Available records:
○ ○ ○ ○ ○

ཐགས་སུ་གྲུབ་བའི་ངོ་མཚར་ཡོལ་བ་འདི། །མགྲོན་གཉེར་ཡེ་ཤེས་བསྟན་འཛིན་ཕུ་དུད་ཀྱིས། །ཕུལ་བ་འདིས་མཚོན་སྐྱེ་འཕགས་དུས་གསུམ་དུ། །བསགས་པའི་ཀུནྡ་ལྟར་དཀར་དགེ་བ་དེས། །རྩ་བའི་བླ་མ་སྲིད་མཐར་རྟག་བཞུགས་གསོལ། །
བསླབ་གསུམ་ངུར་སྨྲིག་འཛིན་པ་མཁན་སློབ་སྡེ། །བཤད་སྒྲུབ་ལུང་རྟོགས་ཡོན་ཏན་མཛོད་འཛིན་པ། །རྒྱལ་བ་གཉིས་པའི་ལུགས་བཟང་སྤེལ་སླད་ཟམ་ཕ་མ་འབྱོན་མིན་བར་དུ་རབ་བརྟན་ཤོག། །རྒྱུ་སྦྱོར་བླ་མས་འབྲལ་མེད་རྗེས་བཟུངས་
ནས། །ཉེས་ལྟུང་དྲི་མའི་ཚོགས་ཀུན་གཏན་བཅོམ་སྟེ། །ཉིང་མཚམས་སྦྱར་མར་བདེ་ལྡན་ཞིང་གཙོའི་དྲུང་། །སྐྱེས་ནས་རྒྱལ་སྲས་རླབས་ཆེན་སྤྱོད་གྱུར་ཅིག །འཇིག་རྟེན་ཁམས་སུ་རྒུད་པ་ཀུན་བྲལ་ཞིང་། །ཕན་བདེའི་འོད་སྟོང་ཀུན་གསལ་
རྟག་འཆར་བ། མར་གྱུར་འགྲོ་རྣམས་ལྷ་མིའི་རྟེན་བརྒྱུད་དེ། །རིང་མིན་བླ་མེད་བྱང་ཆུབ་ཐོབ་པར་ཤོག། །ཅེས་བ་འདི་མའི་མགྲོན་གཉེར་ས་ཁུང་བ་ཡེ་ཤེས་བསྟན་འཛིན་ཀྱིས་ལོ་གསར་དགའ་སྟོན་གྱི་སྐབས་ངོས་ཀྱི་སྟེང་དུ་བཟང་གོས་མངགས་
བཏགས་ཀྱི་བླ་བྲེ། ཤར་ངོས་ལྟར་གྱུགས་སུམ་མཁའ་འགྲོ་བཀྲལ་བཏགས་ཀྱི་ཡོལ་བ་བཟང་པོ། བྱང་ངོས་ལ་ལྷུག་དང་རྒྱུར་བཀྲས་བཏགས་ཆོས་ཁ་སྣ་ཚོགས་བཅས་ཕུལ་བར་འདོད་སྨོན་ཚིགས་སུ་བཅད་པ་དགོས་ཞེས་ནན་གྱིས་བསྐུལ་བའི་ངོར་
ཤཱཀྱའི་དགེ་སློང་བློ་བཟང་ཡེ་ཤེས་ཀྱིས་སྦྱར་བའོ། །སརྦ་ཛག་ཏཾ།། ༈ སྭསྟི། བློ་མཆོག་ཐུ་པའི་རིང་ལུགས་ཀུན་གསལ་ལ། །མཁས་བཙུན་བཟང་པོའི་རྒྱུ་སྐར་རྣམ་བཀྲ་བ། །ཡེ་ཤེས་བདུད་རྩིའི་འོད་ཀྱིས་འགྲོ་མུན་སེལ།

○ ○ ○ ○ ○

What to produce:
Write the records above out again, exactly as they are.

Task answer:
ཐགས་སུ་གྲུབ་བའི་ངོ་མཚར་ཡོལ་བ་འདི། །མགྲོན་གཉེར་ཡེ་ཤེས་བསྟན་འཛིན་ཕུ་དུད་ཀྱིས། །ཕུལ་བ་འདིས་མཚོན་སྐྱེ་འཕགས་དུས་གསུམ་དུ། །བསགས་པའི་ཀུནྡ་ལྟར་དཀར་དགེ་བ་དེས། །རྩ་བའི་བླ་མ་སྲིད་མཐར་རྟག་བཞུགས་གསོལ། །
བསླབ་གསུམ་ངུར་སྨྲིག་འཛིན་པ་མཁན་སློབ་སྡེ། །བཤད་སྒྲུབ་ལུང་རྟོགས་ཡོན་ཏན་མཛོད་འཛིན་པ། །རྒྱལ་བ་གཉིས་པའི་ལུགས་བཟང་སྤེལ་སླད་ཟམ་ཕ་མ་འབྱོན་མིན་བར་དུ་རབ་བརྟན་ཤོག། །རྒྱུ་སྦྱོར་བླ་མས་འབྲལ་མེད་རྗེས་བཟུངས་
ནས། །ཉེས་ལྟུང་དྲི་མའི་ཚོགས་ཀུན་གཏན་བཅོམ་སྟེ། །ཉིང་མཚམས་སྦྱར་མར་བདེ་ལྡན་ཞིང་གཙོའི་དྲུང་། །སྐྱེས་ནས་རྒྱལ་སྲས་རླབས་ཆེན་སྤྱོད་གྱུར་ཅིག །འཇིག་རྟེན་ཁམས་སུ་རྒུད་པ་ཀུན་བྲལ་ཞིང་། །ཕན་བདེའི་འོད་སྟོང་ཀུན་གསལ་
རྟག་འཆར་བ། མར་གྱུར་འགྲོ་རྣམས་ལྷ་མིའི་རྟེན་བརྒྱུད་དེ། །རིང་མིན་བླ་མེད་བྱང་ཆུབ་ཐོབ་པར་ཤོག། །ཅེས་བ་འདི་མའི་མགྲོན་གཉེར་ས་ཁུང་བ་ཡེ་ཤེས་བསྟན་འཛིན་ཀྱིས་ལོ་གསར་དགའ་སྟོན་གྱི་སྐབས་ངོས་ཀྱི་སྟེང་དུ་བཟང་གོས་མངགས་
བཏགས་ཀྱི་བླ་བྲེ། ཤར་ངོས་ལྟར་གྱུགས་སུམ་མཁའ་འགྲོ་བཀྲལ་བཏགས་ཀྱི་ཡོལ་བ་བཟང་པོ། བྱང་ངོས་ལ་ལྷུག་དང་རྒྱུར་བཀྲས་བཏགས་ཆོས་ཁ་སྣ་ཚོགས་བཅས་ཕུལ་བར་འདོད་སྨོན་ཚིགས་སུ་བཅད་པ་དགོས་ཞེས་ནན་གྱིས་བསྐུལ་བའི་ངོར་
ཤཱཀྱའི་དགེ་སློང་བློ་བཟང་ཡེ་ཤེས་ཀྱིས་སྦྱར་བའོ། །སརྦ་ཛག་ཏཾ།། ༈ སྭསྟི། བློ་མཆོག་ཐུ་པའི་རིང་ལུགས་ཀུན་གསལ་ལ། །མཁས་བཙུན་བཟང་པོའི་རྒྱུ་སྐར་རྣམ་བཀྲ་བ། །ཡེ་ཤེས་བདུད་རྩིའི་འོད་ཀྱིས་འགྲོ་མུན་སེལ།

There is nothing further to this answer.